2時間にわたる証言でバラク国防相は、ガザへ向かう支援船を阻止するためイスラエルは外交手段を尽くしたと弁明。それでも阻止できなかったため武力行使を検討したが、船団を通過させる可能性も検討したと述べた。結果的にイスラエルの判断は正しかったとしている。
この事件では5月にイスラエル海軍が船団を急襲し、トルコ船籍の支援船に乗っていた活動家9人が死亡した。これについてバラク国防相は「人命が失われたことは遺憾だが、部隊の勇気と技能がなければ犠牲者はさらに増えていただろう」と証言した。
この事件でイスラエルに対する国際的な非難が高まり、同盟国トルコとの関係も悪化した。国連はイスラエルとは別に調査委員会を設置。同委員会はニュージーランドのパーマー首相が議長を務め、イスラエルとトルコの代表も参加している。
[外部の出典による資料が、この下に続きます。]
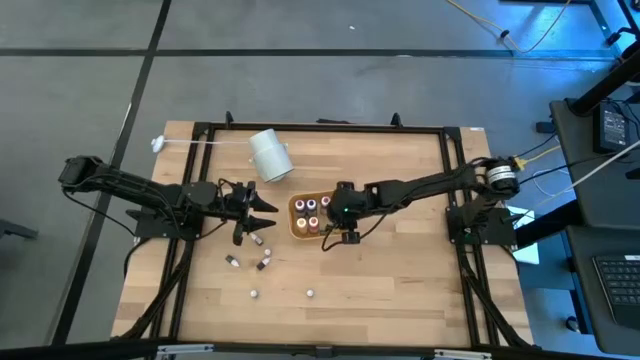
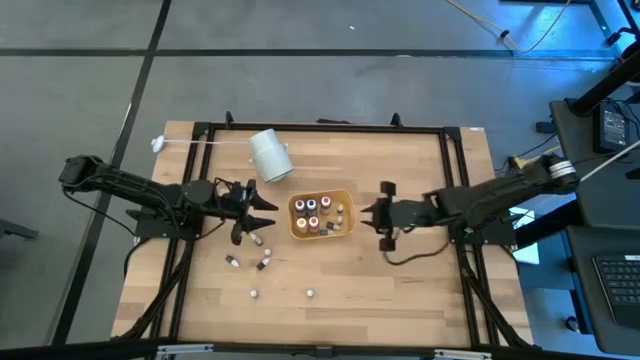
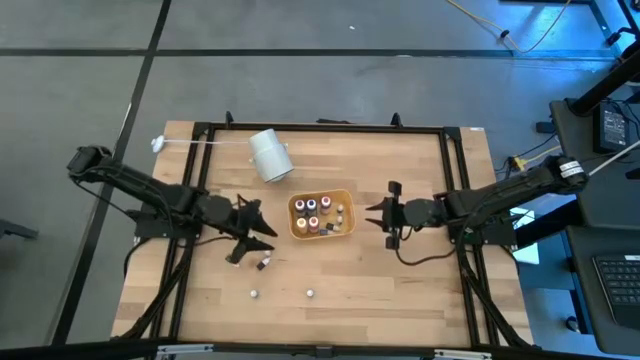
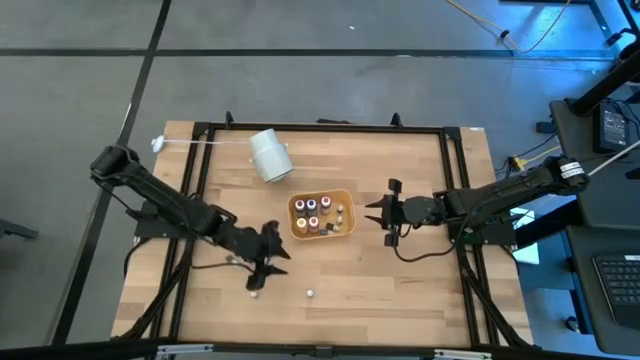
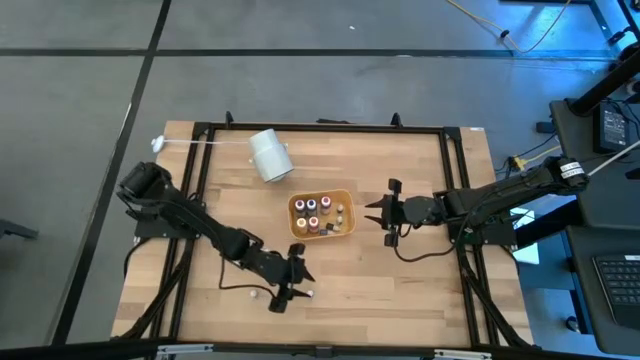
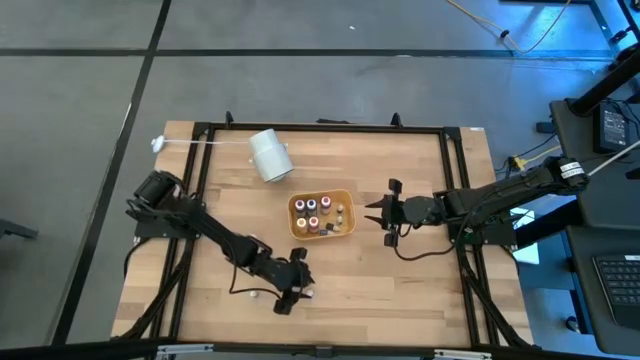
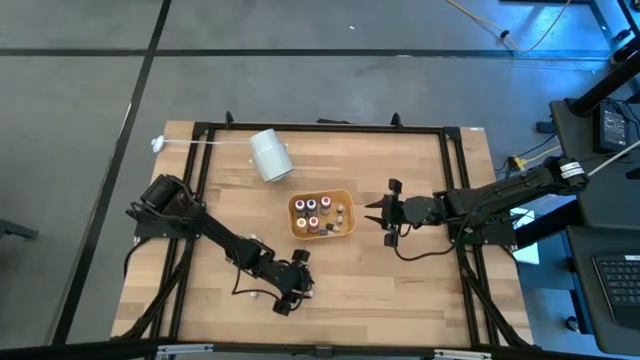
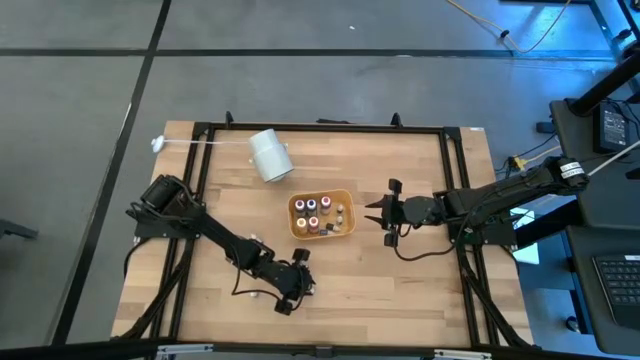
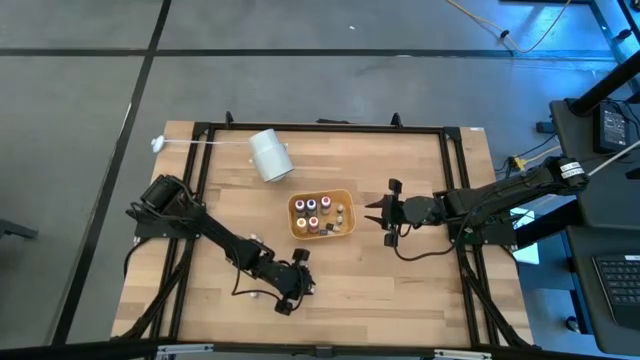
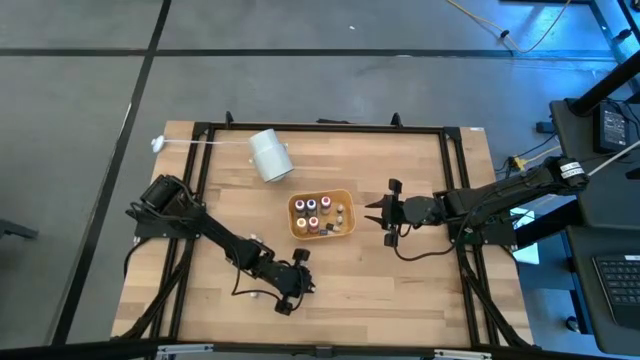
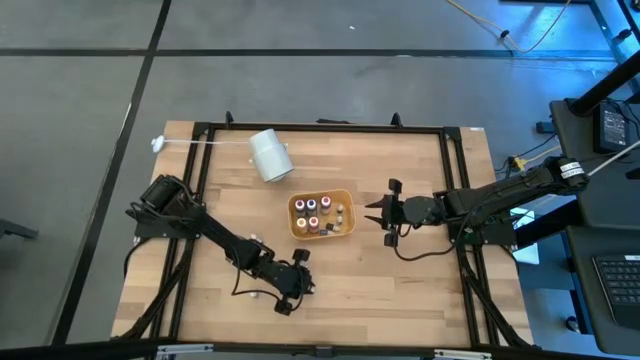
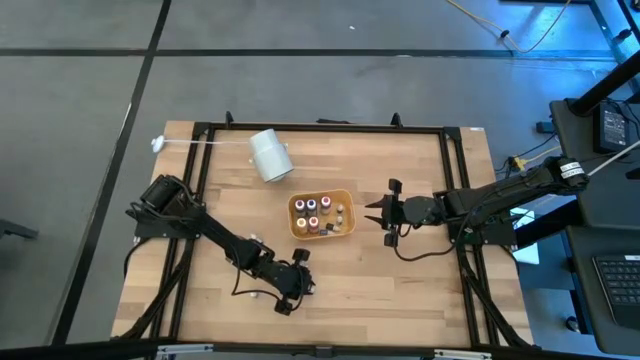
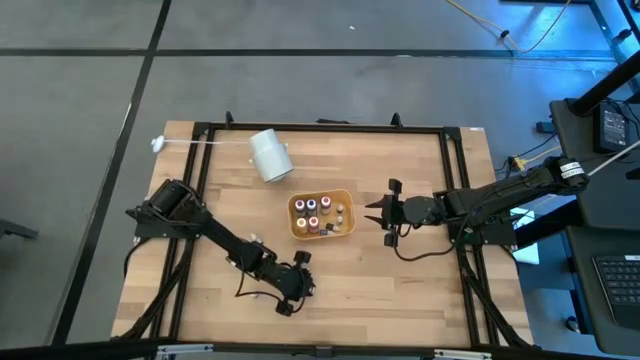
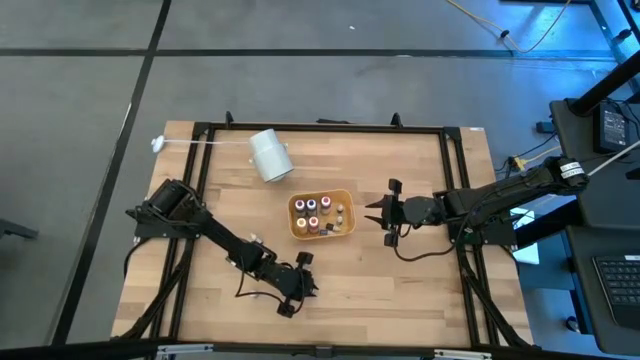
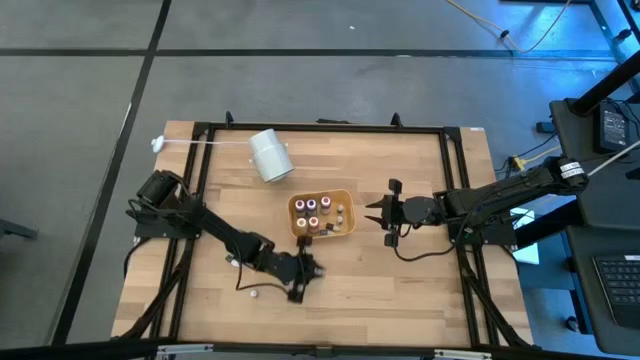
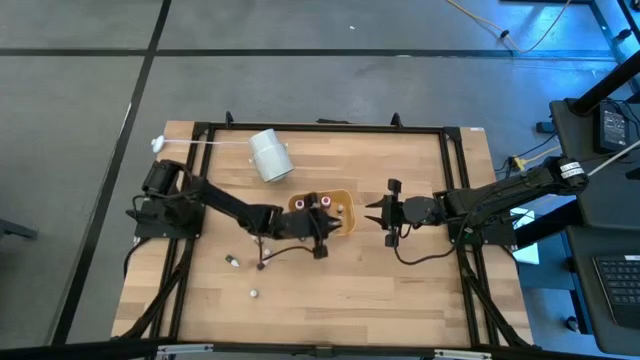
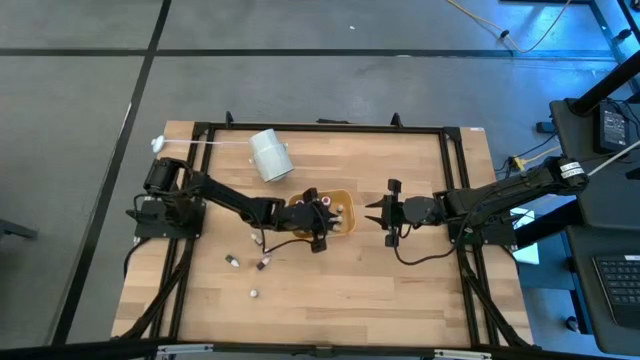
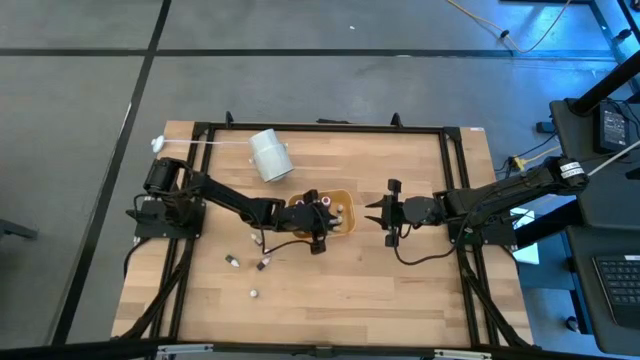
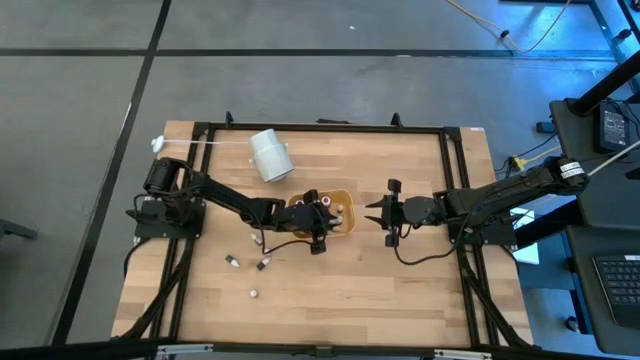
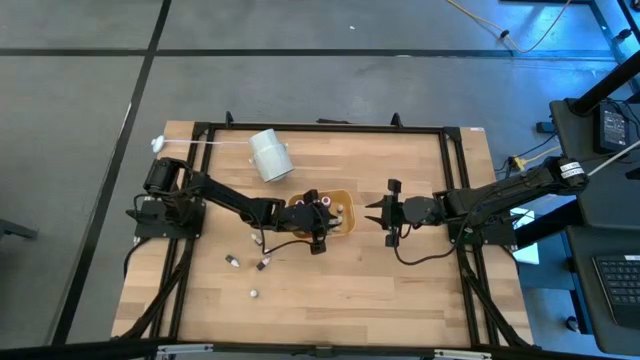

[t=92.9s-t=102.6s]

10日の会合には潘基文(パンギムン)事務総長が出席した。
しかしイスラエル政府は、同国の兵士に対する尋問要求があった場合、調査委員会には協力も参加もしないと言明している。
ネタニヤフ首相は同国の調査委員会初日の9日、「調査の結果、イスラエルが国際法に従って行動したことがはっきりするだろう」と述べ、支援船攻撃は国際法に基づく行動だったとの立場を改めて強調した。